Les Émirats arabes unis, l’Arabie saoudite, le Koweït et le Qatar ont un portefeuille combiné d’investissement à l’étranger de 262 milliards de dollars, mais seuls 8,7 milliards de dollars sont investis en Turquie. L’Europe constitue la majeure partie des investissements étrangers en Turquie, suivie de loin par les États-Unis et la Russie.
C’est en partie parce que les monarchies du Golfe ont leurs propres difficultés financières, compte tenu des bas prix du pétrole et de la guerre d’extermination qu’ils mènent au Yémen. Mais on soupçonne aussi que l’Arabie saoudite se méfie de l’AKP d’Erdogan, cousin des Frères musulmans. Les Saoudiens considèrent la Confrérie comme leur principal ennemi après l’Iran, et ils ont fortement soutenu le coup d’État militaire de 2013 contre le gouvernement Morsi. Le récent réchauffement des relations entre la Turquie et l’Égypte a entraîné un refroidissement des liens entre Riyad et Le Caire.

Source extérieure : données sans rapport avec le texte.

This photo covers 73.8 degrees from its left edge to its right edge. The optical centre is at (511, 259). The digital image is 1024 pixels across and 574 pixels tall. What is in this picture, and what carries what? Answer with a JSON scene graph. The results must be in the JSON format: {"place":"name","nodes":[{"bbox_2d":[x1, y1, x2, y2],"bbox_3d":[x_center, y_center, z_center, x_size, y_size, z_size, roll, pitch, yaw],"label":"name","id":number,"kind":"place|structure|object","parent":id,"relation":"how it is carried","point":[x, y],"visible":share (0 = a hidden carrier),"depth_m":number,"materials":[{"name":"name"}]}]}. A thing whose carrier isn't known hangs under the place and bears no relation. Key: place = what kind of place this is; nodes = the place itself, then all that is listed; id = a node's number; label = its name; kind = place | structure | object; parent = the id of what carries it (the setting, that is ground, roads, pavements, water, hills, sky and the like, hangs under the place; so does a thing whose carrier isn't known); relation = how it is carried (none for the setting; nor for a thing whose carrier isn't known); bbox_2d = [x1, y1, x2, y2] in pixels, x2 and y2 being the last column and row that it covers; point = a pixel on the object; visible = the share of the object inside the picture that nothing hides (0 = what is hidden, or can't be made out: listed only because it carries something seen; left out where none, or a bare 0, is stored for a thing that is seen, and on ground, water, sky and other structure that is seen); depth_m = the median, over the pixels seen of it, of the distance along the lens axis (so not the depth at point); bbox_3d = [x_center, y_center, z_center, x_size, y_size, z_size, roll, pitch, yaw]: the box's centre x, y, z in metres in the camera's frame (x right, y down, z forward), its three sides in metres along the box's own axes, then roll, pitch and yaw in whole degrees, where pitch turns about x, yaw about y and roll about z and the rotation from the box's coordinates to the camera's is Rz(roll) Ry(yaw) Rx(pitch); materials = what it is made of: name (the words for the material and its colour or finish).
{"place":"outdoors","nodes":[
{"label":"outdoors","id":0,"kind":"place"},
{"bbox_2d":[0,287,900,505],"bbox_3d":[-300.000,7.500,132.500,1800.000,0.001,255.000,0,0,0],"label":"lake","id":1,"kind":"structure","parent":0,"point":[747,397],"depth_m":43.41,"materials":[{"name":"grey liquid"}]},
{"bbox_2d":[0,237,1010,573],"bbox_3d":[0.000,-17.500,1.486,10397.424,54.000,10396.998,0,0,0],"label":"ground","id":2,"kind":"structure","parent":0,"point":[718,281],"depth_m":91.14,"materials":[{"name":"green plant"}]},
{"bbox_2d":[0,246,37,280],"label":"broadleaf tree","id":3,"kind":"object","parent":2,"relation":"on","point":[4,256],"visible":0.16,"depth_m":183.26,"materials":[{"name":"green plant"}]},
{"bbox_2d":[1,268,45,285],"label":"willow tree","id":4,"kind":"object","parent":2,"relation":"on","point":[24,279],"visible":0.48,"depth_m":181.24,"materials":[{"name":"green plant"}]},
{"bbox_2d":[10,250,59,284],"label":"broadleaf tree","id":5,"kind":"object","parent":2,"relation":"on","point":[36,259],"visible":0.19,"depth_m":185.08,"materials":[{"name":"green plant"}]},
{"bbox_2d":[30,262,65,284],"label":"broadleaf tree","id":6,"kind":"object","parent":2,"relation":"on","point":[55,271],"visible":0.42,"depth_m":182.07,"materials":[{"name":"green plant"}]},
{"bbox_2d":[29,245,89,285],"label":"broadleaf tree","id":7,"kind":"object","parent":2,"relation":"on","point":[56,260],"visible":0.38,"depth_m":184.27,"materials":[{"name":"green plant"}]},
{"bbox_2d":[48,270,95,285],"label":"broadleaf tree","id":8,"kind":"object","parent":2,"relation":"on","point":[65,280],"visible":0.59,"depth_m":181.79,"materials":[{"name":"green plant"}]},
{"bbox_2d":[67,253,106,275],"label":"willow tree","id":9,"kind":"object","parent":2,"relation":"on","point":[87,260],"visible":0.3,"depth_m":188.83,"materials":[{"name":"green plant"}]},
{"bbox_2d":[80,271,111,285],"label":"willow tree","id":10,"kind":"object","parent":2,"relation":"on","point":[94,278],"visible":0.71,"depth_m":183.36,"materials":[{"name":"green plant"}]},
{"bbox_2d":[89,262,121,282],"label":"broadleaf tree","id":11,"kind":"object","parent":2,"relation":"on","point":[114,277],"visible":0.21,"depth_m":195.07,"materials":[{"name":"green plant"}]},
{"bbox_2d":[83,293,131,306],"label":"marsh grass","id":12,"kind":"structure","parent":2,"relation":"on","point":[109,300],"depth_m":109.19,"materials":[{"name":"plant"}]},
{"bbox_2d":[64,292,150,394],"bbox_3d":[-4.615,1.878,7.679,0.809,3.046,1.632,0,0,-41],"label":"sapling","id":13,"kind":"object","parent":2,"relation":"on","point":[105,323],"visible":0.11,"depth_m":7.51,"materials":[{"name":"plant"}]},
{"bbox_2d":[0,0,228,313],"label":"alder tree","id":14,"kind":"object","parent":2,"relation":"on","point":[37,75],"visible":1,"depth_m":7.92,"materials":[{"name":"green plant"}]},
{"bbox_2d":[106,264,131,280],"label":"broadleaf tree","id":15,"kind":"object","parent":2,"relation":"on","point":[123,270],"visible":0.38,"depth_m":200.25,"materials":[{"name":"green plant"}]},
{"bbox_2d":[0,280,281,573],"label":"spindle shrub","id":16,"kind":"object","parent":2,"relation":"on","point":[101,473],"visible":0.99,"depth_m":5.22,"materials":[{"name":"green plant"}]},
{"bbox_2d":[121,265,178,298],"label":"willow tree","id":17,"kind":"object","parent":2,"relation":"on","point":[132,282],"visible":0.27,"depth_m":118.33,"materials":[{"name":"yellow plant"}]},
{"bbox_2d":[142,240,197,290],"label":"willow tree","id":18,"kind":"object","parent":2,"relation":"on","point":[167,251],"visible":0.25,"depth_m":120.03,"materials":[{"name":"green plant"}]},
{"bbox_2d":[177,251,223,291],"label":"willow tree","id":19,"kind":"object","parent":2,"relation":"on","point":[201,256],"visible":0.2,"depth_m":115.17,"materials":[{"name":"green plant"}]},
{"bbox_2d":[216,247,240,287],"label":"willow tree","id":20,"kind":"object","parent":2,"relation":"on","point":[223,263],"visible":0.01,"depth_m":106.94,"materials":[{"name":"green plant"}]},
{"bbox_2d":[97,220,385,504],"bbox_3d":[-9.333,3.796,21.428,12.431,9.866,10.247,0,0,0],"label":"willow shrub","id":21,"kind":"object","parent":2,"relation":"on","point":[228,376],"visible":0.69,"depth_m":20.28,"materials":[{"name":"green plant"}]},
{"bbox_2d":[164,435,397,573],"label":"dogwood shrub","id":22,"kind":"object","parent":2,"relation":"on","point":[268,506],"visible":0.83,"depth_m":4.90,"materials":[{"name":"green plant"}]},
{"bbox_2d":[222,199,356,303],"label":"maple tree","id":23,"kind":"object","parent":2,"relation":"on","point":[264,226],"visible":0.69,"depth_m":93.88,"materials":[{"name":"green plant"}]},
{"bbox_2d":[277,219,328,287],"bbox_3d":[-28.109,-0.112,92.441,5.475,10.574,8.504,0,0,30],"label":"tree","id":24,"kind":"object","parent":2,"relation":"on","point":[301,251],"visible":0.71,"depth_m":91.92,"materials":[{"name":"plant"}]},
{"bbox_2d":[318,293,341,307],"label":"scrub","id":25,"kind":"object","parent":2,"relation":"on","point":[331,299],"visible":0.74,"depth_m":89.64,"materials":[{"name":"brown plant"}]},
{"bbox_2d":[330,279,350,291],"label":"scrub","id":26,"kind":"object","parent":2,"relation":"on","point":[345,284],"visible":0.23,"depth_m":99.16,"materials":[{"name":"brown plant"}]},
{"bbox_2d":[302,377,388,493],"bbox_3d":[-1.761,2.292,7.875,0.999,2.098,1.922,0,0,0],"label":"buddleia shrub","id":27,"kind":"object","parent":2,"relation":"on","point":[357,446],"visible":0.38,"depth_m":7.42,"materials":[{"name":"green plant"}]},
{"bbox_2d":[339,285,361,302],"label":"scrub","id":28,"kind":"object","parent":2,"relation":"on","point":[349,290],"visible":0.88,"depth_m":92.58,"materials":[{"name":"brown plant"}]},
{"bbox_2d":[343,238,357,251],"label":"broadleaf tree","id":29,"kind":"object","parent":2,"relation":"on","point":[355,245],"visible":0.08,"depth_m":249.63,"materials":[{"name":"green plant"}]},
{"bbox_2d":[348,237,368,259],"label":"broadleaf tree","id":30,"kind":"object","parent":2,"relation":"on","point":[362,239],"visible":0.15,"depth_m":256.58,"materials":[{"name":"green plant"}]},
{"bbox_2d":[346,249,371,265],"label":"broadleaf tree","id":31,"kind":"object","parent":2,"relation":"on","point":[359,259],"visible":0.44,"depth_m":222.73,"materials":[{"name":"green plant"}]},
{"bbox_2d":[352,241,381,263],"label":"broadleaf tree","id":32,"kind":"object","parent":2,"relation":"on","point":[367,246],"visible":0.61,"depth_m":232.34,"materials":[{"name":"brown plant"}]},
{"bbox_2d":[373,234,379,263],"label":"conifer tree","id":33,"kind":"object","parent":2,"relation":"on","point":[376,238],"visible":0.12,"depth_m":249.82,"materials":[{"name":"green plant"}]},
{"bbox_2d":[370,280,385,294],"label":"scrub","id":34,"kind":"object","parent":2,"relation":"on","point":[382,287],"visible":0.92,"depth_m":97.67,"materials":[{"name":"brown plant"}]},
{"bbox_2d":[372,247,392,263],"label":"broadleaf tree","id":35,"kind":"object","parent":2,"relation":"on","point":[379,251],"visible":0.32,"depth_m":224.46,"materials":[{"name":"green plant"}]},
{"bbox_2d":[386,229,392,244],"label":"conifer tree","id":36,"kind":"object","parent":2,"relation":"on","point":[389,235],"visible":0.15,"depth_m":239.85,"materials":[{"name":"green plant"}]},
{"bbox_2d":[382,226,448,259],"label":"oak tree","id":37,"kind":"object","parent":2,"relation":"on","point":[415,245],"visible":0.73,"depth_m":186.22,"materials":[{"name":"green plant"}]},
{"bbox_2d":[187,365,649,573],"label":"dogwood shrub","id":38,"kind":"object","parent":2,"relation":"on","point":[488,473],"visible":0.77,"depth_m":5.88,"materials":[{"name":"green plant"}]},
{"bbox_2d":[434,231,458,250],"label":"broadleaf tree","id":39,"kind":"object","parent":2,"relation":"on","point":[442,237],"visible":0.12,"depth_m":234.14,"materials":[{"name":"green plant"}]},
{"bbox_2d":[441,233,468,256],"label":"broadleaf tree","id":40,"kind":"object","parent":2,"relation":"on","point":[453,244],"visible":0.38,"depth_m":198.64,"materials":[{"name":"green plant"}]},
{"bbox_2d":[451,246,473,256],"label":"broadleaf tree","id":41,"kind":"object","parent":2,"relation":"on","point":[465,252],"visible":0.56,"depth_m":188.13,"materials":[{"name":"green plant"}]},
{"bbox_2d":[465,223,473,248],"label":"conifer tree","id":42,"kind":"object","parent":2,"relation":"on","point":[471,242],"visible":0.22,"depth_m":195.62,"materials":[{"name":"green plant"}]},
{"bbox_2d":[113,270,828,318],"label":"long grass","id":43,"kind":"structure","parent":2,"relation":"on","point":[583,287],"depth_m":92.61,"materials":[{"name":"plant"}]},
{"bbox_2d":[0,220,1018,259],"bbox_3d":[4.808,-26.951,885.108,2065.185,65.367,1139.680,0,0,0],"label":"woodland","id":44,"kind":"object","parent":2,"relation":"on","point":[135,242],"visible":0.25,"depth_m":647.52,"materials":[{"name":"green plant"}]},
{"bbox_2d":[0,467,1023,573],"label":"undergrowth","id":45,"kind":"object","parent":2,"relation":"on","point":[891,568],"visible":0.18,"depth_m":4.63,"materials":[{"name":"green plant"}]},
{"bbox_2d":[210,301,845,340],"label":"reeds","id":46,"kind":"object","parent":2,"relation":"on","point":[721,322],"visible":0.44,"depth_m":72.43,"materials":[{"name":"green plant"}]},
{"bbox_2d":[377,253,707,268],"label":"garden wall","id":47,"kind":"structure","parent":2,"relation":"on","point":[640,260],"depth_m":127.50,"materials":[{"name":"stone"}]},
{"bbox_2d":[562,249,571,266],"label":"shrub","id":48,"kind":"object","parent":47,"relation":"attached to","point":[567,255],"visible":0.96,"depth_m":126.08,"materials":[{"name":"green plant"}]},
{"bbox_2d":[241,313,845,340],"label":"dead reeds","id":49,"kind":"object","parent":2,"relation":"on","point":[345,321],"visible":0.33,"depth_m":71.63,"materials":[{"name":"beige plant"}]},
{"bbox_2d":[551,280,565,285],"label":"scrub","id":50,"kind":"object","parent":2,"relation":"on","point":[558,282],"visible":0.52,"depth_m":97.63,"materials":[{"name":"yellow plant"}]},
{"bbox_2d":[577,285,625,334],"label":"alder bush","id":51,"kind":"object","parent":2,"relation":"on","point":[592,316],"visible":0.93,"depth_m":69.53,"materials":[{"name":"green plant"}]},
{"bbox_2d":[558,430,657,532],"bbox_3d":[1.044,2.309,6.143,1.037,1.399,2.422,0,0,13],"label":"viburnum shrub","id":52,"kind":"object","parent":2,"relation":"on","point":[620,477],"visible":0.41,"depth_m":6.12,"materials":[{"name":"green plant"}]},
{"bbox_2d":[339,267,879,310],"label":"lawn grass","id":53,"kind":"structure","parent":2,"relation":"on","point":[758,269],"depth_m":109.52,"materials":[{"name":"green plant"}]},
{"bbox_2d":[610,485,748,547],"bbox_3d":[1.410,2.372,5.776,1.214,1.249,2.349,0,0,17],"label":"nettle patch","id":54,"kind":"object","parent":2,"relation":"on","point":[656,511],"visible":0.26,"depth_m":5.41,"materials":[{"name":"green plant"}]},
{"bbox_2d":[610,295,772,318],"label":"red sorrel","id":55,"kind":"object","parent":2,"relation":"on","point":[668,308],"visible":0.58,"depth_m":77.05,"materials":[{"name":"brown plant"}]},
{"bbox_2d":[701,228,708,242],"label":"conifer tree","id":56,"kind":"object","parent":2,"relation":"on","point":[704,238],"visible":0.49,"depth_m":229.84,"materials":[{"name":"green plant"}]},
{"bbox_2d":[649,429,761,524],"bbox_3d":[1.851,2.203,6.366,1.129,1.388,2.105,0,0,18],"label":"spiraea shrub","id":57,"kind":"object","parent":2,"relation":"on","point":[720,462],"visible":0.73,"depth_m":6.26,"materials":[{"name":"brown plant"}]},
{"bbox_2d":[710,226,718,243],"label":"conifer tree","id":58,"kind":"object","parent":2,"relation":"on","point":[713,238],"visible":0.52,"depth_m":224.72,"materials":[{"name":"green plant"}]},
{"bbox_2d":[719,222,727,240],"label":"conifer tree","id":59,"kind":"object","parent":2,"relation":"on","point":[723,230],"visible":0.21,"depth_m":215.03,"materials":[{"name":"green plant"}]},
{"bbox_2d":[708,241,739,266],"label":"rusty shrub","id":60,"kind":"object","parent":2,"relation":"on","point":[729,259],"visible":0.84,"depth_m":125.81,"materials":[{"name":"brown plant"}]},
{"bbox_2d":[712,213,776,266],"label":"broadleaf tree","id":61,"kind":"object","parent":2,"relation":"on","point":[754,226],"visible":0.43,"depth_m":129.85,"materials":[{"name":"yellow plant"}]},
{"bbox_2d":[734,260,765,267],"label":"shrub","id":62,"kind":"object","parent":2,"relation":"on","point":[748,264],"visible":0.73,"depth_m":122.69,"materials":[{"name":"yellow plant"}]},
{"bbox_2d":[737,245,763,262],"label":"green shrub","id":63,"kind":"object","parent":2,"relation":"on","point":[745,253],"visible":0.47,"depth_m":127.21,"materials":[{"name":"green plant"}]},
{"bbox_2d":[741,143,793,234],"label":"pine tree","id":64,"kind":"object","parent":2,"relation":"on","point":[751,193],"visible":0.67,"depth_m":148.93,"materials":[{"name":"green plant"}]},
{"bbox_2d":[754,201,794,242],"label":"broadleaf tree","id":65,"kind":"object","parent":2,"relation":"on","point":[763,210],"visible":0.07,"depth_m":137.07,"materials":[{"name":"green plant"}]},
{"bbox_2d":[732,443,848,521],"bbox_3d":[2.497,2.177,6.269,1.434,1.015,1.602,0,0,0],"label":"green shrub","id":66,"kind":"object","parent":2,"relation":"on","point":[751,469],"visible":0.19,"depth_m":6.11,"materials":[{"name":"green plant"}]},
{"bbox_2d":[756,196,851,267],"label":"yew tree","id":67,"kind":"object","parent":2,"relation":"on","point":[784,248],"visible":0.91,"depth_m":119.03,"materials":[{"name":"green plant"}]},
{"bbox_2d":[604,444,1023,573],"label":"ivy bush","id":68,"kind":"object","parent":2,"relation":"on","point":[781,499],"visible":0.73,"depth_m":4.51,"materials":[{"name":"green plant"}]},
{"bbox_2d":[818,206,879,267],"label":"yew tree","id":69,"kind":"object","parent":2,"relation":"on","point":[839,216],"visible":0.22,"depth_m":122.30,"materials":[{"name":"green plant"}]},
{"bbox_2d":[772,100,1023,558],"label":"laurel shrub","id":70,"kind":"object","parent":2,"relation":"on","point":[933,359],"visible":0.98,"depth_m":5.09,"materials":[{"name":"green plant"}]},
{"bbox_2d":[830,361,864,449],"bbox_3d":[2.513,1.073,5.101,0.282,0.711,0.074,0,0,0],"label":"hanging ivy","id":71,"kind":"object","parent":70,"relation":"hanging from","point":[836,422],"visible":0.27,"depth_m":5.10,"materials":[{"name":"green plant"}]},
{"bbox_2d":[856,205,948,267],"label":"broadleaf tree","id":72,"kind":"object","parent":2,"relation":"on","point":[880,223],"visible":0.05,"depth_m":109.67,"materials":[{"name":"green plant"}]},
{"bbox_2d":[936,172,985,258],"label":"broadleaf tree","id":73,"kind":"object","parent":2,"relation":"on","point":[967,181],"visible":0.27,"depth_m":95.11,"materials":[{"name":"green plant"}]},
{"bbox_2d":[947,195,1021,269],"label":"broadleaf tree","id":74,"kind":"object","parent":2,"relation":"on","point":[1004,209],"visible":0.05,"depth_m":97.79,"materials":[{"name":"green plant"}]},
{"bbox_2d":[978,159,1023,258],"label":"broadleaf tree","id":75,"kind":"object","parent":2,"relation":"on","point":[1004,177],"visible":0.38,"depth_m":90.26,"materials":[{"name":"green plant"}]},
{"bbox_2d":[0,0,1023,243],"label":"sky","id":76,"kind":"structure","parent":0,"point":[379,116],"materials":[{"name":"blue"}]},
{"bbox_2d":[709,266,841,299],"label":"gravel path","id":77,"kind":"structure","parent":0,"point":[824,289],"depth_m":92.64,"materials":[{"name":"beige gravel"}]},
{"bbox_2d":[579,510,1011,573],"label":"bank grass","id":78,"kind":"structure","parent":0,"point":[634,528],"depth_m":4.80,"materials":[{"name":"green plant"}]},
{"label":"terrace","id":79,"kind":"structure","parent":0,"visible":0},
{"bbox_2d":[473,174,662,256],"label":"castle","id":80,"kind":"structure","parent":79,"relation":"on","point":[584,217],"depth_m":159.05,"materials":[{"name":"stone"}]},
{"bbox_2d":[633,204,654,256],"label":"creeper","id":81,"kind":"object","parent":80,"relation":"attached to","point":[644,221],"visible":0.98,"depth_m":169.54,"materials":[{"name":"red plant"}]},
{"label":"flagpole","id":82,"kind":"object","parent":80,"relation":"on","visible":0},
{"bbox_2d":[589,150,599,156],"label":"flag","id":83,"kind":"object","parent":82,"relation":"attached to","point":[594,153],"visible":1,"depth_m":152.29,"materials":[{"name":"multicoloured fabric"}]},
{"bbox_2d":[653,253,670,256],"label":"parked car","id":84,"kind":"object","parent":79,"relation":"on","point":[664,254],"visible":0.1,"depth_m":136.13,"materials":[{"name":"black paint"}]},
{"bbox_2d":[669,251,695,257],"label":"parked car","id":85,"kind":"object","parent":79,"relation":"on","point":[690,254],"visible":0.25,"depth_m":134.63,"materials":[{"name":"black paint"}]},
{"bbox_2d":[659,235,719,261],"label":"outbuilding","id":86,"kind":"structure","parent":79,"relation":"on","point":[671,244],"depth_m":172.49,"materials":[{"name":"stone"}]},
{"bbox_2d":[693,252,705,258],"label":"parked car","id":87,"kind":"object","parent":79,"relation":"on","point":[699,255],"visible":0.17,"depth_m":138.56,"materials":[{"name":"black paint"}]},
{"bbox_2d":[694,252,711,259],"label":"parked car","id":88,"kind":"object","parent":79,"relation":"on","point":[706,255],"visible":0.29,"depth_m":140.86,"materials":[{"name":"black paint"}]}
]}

Puis, l’État islamique a récemment ciblé la Turquie, en grande partie par vengeance pour son attitude dans la guerre civile syrienne. Ankara avait d’abord fermé les yeux sur les lignes de ravitaillement d’État islamique en Syrie, parce qu’Erdogan voulait renverser le gouvernement Assad et le remplacer par un régime favorable aux Frères musulmans. Maintenant, cette politique s’est retournée contre la Turquie, de la même façon que le soutien des États-Unis aux moudjahidines contre l’Union soviétique en Afghanistan a entraîné la formation d’al-Qaïda et les attaques de 2001 contre le World Trade Center et le Pentagone.
Les Kurdes ont également utilisé une campagne de terrorisme contre la Turquie, mais c’est en réponse aux attaques d’Erdogan contre les villes kurdes dans le sud-est de la Turquie.
Obtenir le oui au référendum, sinon…
Il n’est pas clair à quel point les intentions de voter « non » sont très répandues, même si jusqu’à 100 membres du parlement de l’AKP s’inquiètent de concentrer trop de pouvoir entre les mains du président.
Les sondages montrent qu’un nombre important d’électeurs ne veulent pas dire comment ils voteront. Dans l’atmosphère actuelle d’intimidation, cela pourrait signifier que ceux qui « ne se prononcent pas » voteront « non ». La prédiction d’Erdogan d’une approbation à 60% est alors certainement exagérée.
Que se passera-t-il si les gens votent « non » ? Et Erdogan acceptera-t-il un résultat qui ne soit pas un « oui » ?
Un développement inquiétant est la formation d’un groupe paramilitaire appelé « Restons frères, Turquie ». Organisé par Orhan Uzuner, dont la fille est mariée au fils d’Erdogan, Bital, le groupe annonce jusqu’à 500 membres. Le journal d’opposition Cumhuriyet appelle ce groupe « la milice d’Erdogan », et certains membres du parti du mouvement nationaliste disent que les Frères parrainent une formation sur le maniement des armes et encouragent les membres à s’armer. Avec l’armée fermement sous contrôle après la tentative de coup d’État de l’an dernier, même un petit groupe comme les Frères pourrait jouer un rôle majeur, si Erdogan décide qu’il en a fini avec le processus démocratique.
Certes, le président est en train de se coincer. Il a besoin d’investissements étrangers et de tourisme pour remettre l’économie sur les rails, mais il est en train de s’aliéner un allié après l’autre.
Il pourrait renforcer les politiques monétaires de la Turquie pour freiner les fuites de capitaux, mais cela ralentirait l’économie et augmenterait le chômage. Il pourrait réduire les taux d’intérêt pour stimuler l’économie, mais cela affaiblirait davantage la Livre turque.
Sa stratégie à ce stade est de tout faire pour obtenir un « oui » au référendum. S’il échoue, les choses pourraient devenir dangereuses.